=== PROMPT ===
Your answer must be an exact copy of the records, with no pictures included.

=== THE RECORDS ===
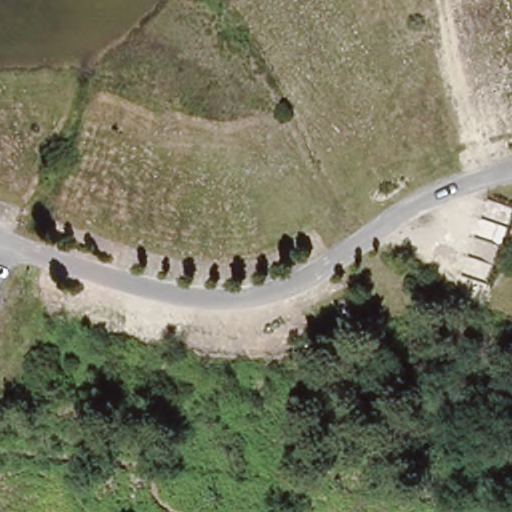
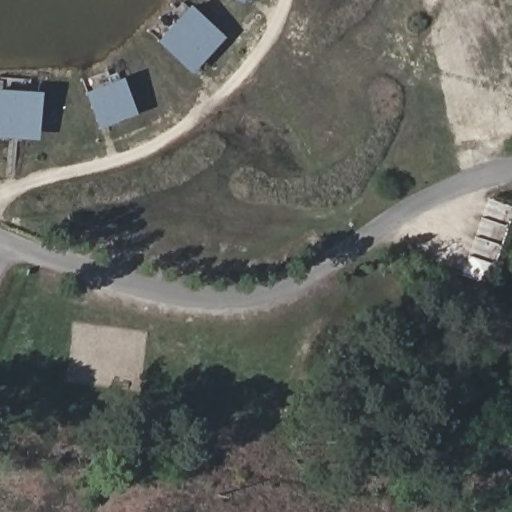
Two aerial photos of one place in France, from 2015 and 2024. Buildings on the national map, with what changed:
new [(147,30),(171,5),(167,1),(168,0),(181,0),(222,38),(193,70),(147,30)]
new [(233,0),(242,0),(240,4),(233,0)]
new [(115,65),(134,113),(100,126),(81,79),(115,65)]
new [(0,77),(31,79),(31,73),(40,74),(36,139),(0,137),(0,77)]

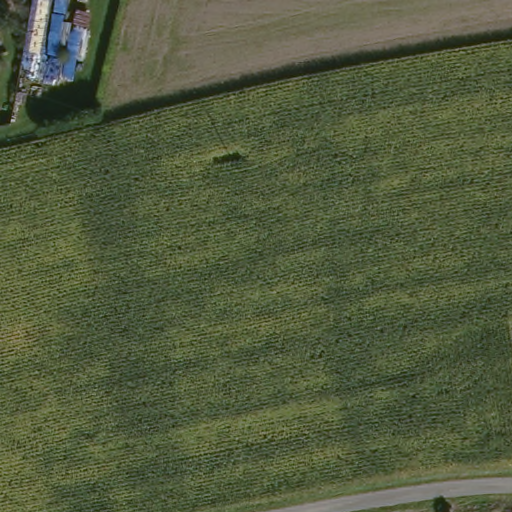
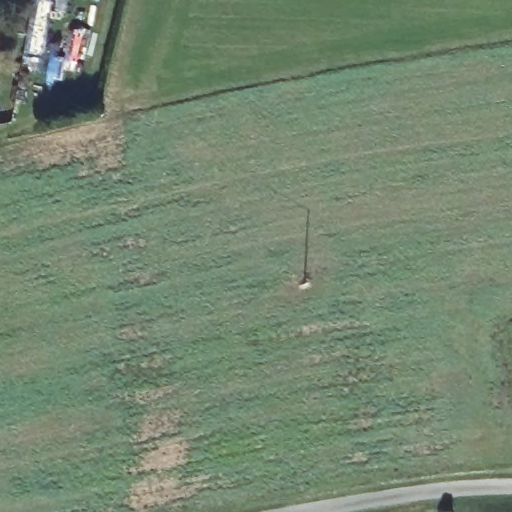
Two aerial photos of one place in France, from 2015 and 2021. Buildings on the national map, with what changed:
unchanged [(441,510),(444,509),(447,510),(449,510),(451,511),(451,512),(438,512),(439,511),(441,510)]

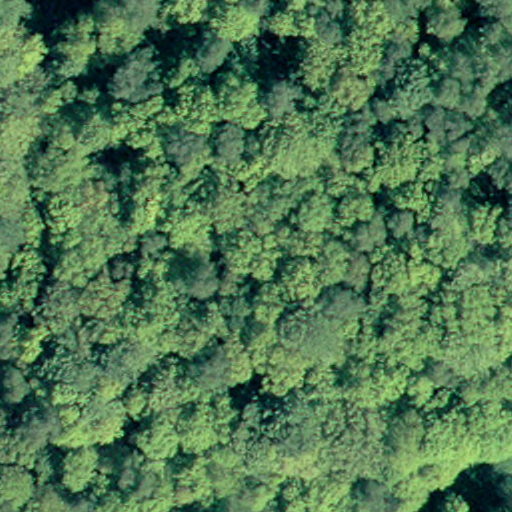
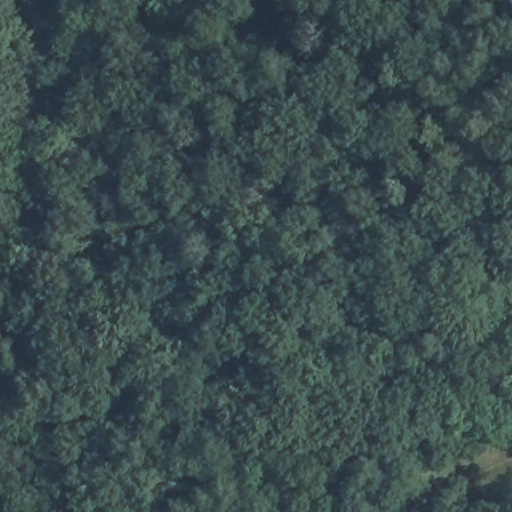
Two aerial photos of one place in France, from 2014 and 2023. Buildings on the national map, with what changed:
[]

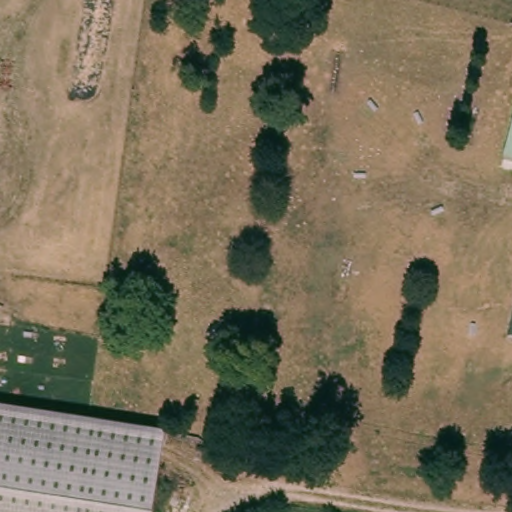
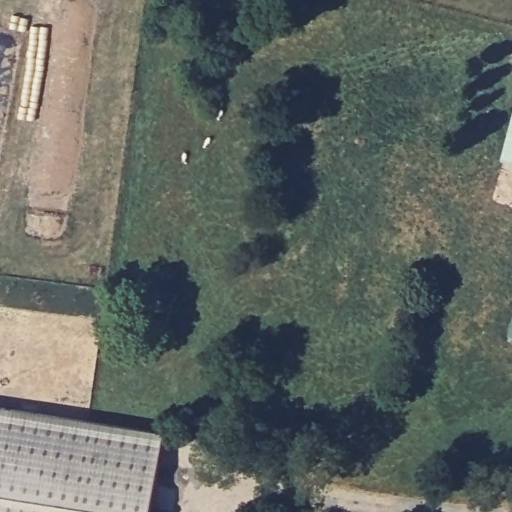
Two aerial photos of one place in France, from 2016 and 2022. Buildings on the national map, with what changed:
unchanged [(512,117),(512,162),(501,159),(512,117)]
unchanged [(512,324),(512,337),(509,336),(512,324)]
unchanged [(68,410),(117,418),(170,427),(172,427),(159,512),(0,512),(0,400),(68,410)]

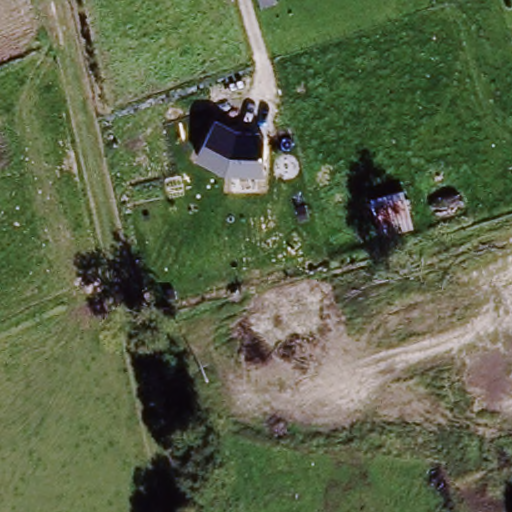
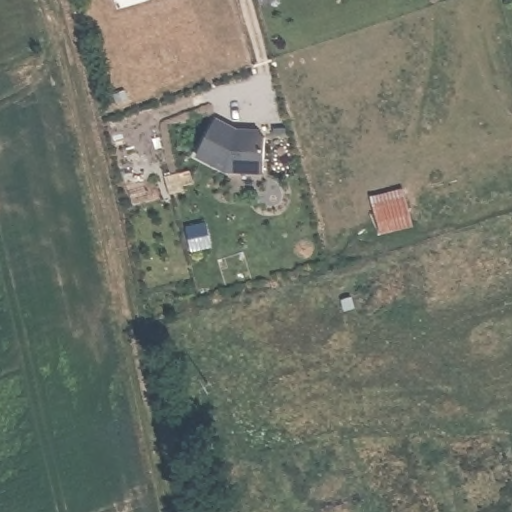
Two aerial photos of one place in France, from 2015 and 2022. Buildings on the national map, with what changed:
unchanged [(235,130),(263,132),(264,174),(225,173),(197,158),(217,122),(235,130)]

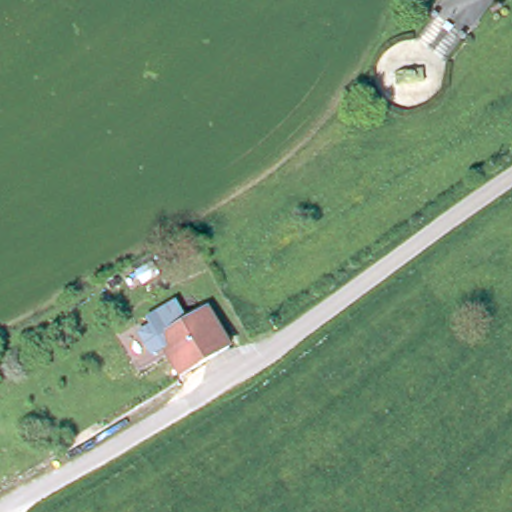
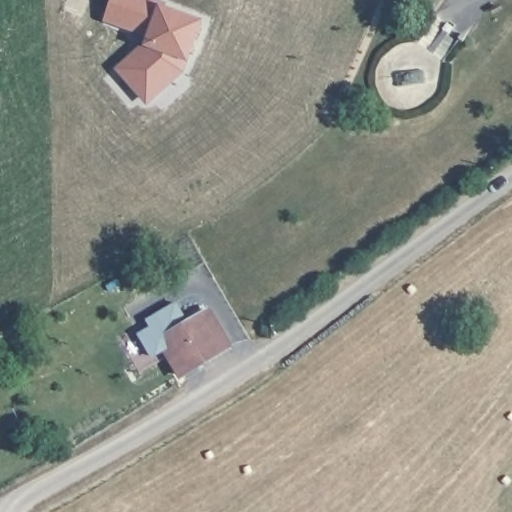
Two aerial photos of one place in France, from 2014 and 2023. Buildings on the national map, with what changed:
new [(115,69),(145,39),(102,22),(110,0),(159,0),(207,17),(193,58),(185,72),(146,105),(115,69)]
unchanged [(157,357),(147,340),(159,332),(154,325),(183,309),(186,314),(191,322),(212,309),(235,347),(186,376),(170,349),(157,357)]

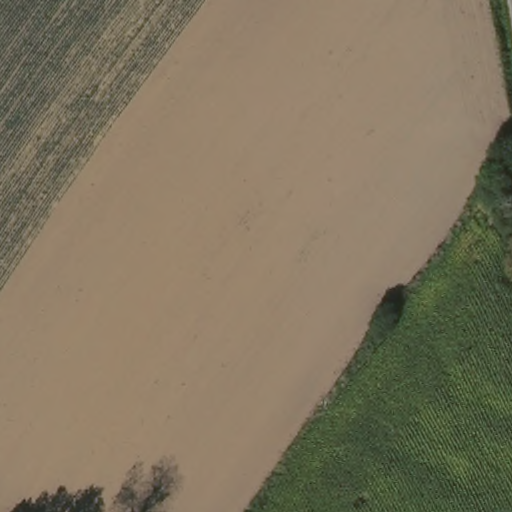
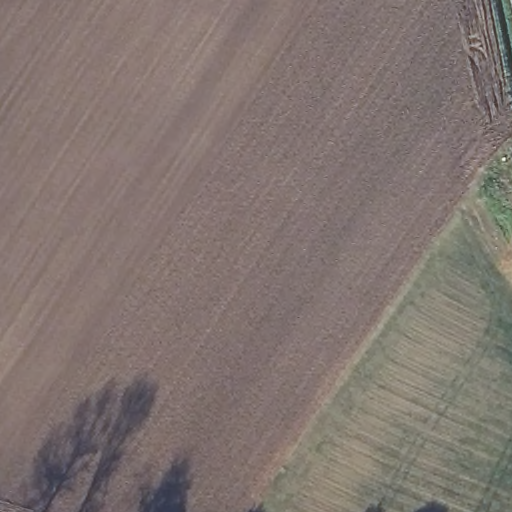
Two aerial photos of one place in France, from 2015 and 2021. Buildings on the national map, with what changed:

=== REPLY TO THE TASK ===
Two aerial photos of one place in France, from 2015 and 2024. Buildings on the national map, with what changed:
new [(147,30),(171,5),(167,1),(168,0),(181,0),(222,38),(193,70),(147,30)]
new [(233,0),(242,0),(240,4),(233,0)]
new [(115,65),(134,113),(100,126),(81,79),(115,65)]
new [(0,77),(31,79),(31,73),(40,74),(36,139),(0,137),(0,77)]

Two aerial photos of one place in France, from 2015 and 2021. Buildings on the national map, with what changed:
unchanged [(441,510),(444,509),(447,510),(449,510),(451,511),(451,512),(438,512),(439,511),(441,510)]

Two aerial photos of one place in France, from 2014 and 2023. Buildings on the national map, with what changed:
[]

Two aerial photos of one place in France, from 2016 and 2022. Buildings on the national map, with what changed:
unchanged [(512,117),(512,162),(501,159),(512,117)]
unchanged [(512,324),(512,337),(509,336),(512,324)]
unchanged [(68,410),(117,418),(170,427),(172,427),(159,512),(0,512),(0,400),(68,410)]

Two aerial photos of one place in France, from 2015 and 2022. Buildings on the national map, with what changed:
unchanged [(235,130),(263,132),(264,174),(225,173),(197,158),(217,122),(235,130)]

Two aerial photos of one place in France, from 2014 and 2023. Buildings on the national map, with what changed:
new [(115,69),(145,39),(102,22),(110,0),(159,0),(207,17),(193,58),(185,72),(146,105),(115,69)]
unchanged [(157,357),(147,340),(159,332),(154,325),(183,309),(186,314),(191,322),(212,309),(235,347),(186,376),(170,349),(157,357)]

Two aerial photos of one place in France, from 2015 and 2021. Buildings on the national map, with what changed:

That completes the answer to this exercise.